# Task prompt
Start at the line containing "#24354=DIRECTION('',(0.,0.,-1.));" and transcribe every line exactly through the end of the records below, and only those lines.

# Study material
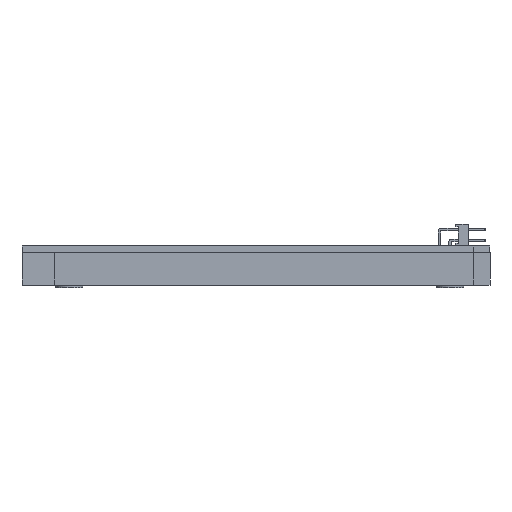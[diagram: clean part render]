
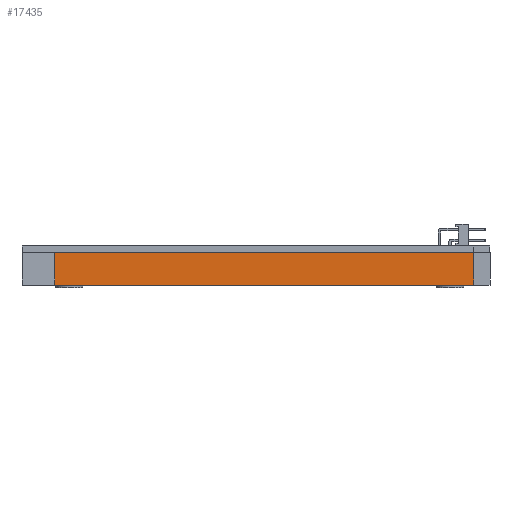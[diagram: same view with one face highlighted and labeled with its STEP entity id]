
A CAD part, front view. The second image highlights one B-rep face of the part: STEP entity #17435.
In plain terms, the highlighted planar face has unit normal (0, -1, 0).
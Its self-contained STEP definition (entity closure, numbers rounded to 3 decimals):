
#2527=FACE_OUTER_BOUND('',#3811,.T.);
#3811=EDGE_LOOP('',(#15761,#15762,#15763,#15764));
#5499=LINE('',#29118,#7229);
#5527=LINE('',#29212,#7257);
#5551=LINE('',#29271,#7281);
#5554=LINE('',#29276,#7284);
#7229=VECTOR('',#24201,10.);
#7257=VECTOR('',#24285,10.);
#7281=VECTOR('',#24347,10.);
#7284=VECTOR('',#24354,10.);
#8647=VERTEX_POINT('',#29115);
#8648=VERTEX_POINT('',#29117);
#8685=VERTEX_POINT('',#29209);
#8686=VERTEX_POINT('',#29211);
#10983=EDGE_CURVE('',#8647,#8648,#5499,.T.);
#11029=EDGE_CURVE('',#8685,#8686,#5527,.T.);
#11059=EDGE_CURVE('',#8685,#8648,#5551,.T.);
#11062=EDGE_CURVE('',#8686,#8647,#5554,.T.);
#15761=ORIENTED_EDGE('',*,*,#11059,.T.);
#15762=ORIENTED_EDGE('',*,*,#10983,.F.);
#15763=ORIENTED_EDGE('',*,*,#11062,.F.);
#15764=ORIENTED_EDGE('',*,*,#11029,.F.);
#16372=PLANE('',#19215);
#17435=ADVANCED_FACE('',(#2527),#16372,.T.);
#19215=AXIS2_PLACEMENT_3D('',#29275,#24352,#24353);
#24201=DIRECTION('',(-1.,0.,0.));
#24285=DIRECTION('',(1.,0.,0.));
#24347=DIRECTION('',(0.,0.,-1.));
#24352=DIRECTION('center_axis',(0.,-1.,0.));
#24353=DIRECTION('ref_axis',(-1.,0.,0.));
#24354=DIRECTION('',(0.,0.,-1.));
#29115=CARTESIAN_POINT('',(13.052,-47.825,84.4));
#29117=CARTESIAN_POINT('',(-63.948,-47.825,84.4));
#29118=CARTESIAN_POINT('',(13.052,-47.825,84.4));
#29209=CARTESIAN_POINT('',(-63.948,-47.825,90.4));
#29211=CARTESIAN_POINT('',(13.052,-47.825,90.4));
#29212=CARTESIAN_POINT('',(13.052,-47.825,90.4));
#29271=CARTESIAN_POINT('',(-63.948,-47.825,87.45));
#29275=CARTESIAN_POINT('Origin',(13.052,-47.825,90.));
#29276=CARTESIAN_POINT('',(13.052,-47.825,90.));

# Solved exercise
#24354=DIRECTION('',(0.,0.,-1.));
#29115=CARTESIAN_POINT('',(13.052,-47.825,84.4));
#29117=CARTESIAN_POINT('',(-63.948,-47.825,84.4));
#29118=CARTESIAN_POINT('',(13.052,-47.825,84.4));
#29209=CARTESIAN_POINT('',(-63.948,-47.825,90.4));
#29211=CARTESIAN_POINT('',(13.052,-47.825,90.4));
#29212=CARTESIAN_POINT('',(13.052,-47.825,90.4));
#29271=CARTESIAN_POINT('',(-63.948,-47.825,87.45));
#29275=CARTESIAN_POINT('Origin',(13.052,-47.825,90.));
#29276=CARTESIAN_POINT('',(13.052,-47.825,90.));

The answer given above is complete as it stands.